Imported learning curves from cluster and build visualisation for training and performance.

## Imports

In [None]:
import pathlib
import re

import matplotlib as mpl
import matplotlib.pyplot as plt
import numpy as np

## Learning Curves

In [None]:
data_dir = pathlib.Path('../data').resolve()

In [None]:
fig, axes = plt.subplots(2, 1, figsize=(6, 6))

fs = 12
acsf_list = ['10', '25', '50', '176']
norm = mpl.colors.Normalize(vmin=0, vmax=len(acsf_list))
cmap = plt.get_cmap("viridis", len(acsf_list))
color_dict = {n_acsf: cmap(norm(ii_acsf)) for ii_acsf, n_acsf in enumerate(acsf_list)}
mappable = mpl.cm.ScalarMappable(cmap=cmap, norm=norm)

legend_elements = []

pot_dir = 'n2p2_fitting/bc_compare/'
target_file = data_dir.joinpath(pot_dir, 'learning-curve.out')
all_errors = np.loadtxt(target_file)
all_errors[:, 1:9] *= 27.211386245988
all_errors[:, 9:13] *= 51.421 # Hartree/Bohr to eV/Angstrom conversion

last_line = axes[0].plot(all_errors[:, 12], color='k')
axes[1].plot(all_errors[:, 2]*3, color=last_line[-1].get_color())

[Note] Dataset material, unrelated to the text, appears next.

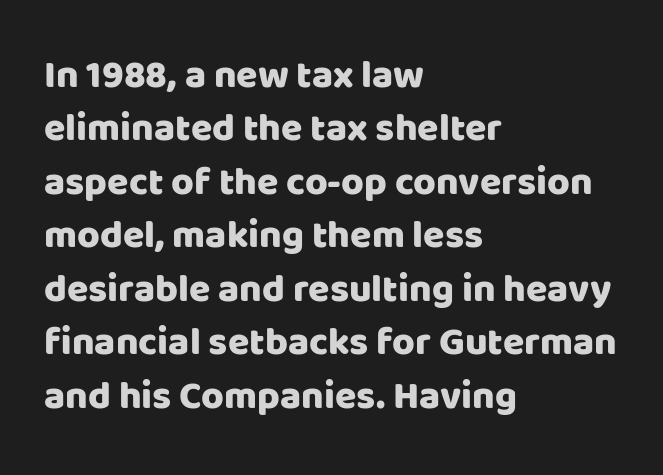
The image shows 39 px sans-serif type, upright; set left-aligned, normal line spacing (1.37x), normal letter spacing, not underlined; low stroke contrast and a large x-height.
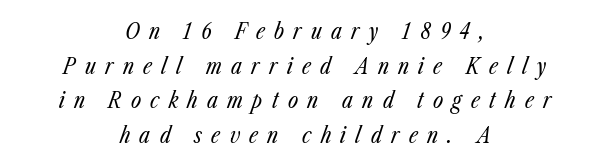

# These contain properly matched descriptor with 4 orders of magnitude in eta
for pot_dir in data_dir.joinpath('n2p2_fitting').glob('231213_training_out/231213_pot_acsf*/'):
    acsf_params = re.search('(acsf)([0-9]*)([A-z]*)_hartbohr', pot_dir.name)
    n_acsf, tar = acsf_params.group(2), acsf_params.group(3)

    target_file = pot_dir.joinpath('learning-curve.out')
    all_errors = np.loadtxt(target_file)
    all_errors[:, 1:9] *= 27.211386245988
    all_errors[:, 9:13] *= 51.421 # Hartree/Bohr to eV/Angstrom conversion

    color = color_dict[n_acsf]

    if tar == 'rand':
        last_line = axes[0].plot(all_errors[:, 12], linestyle='-.', color=color)
        axes[1].plot(all_errors[:, 2]*3, linestyle='-.', color=last_line[-1].get_color())
    else:
        last_line = axes[0].plot(all_errors[:, 12], linestyle='-', color=color)
        axes[1].plot(all_errors[:, 2]*3, linestyle='-', color=last_line[-1].get_color())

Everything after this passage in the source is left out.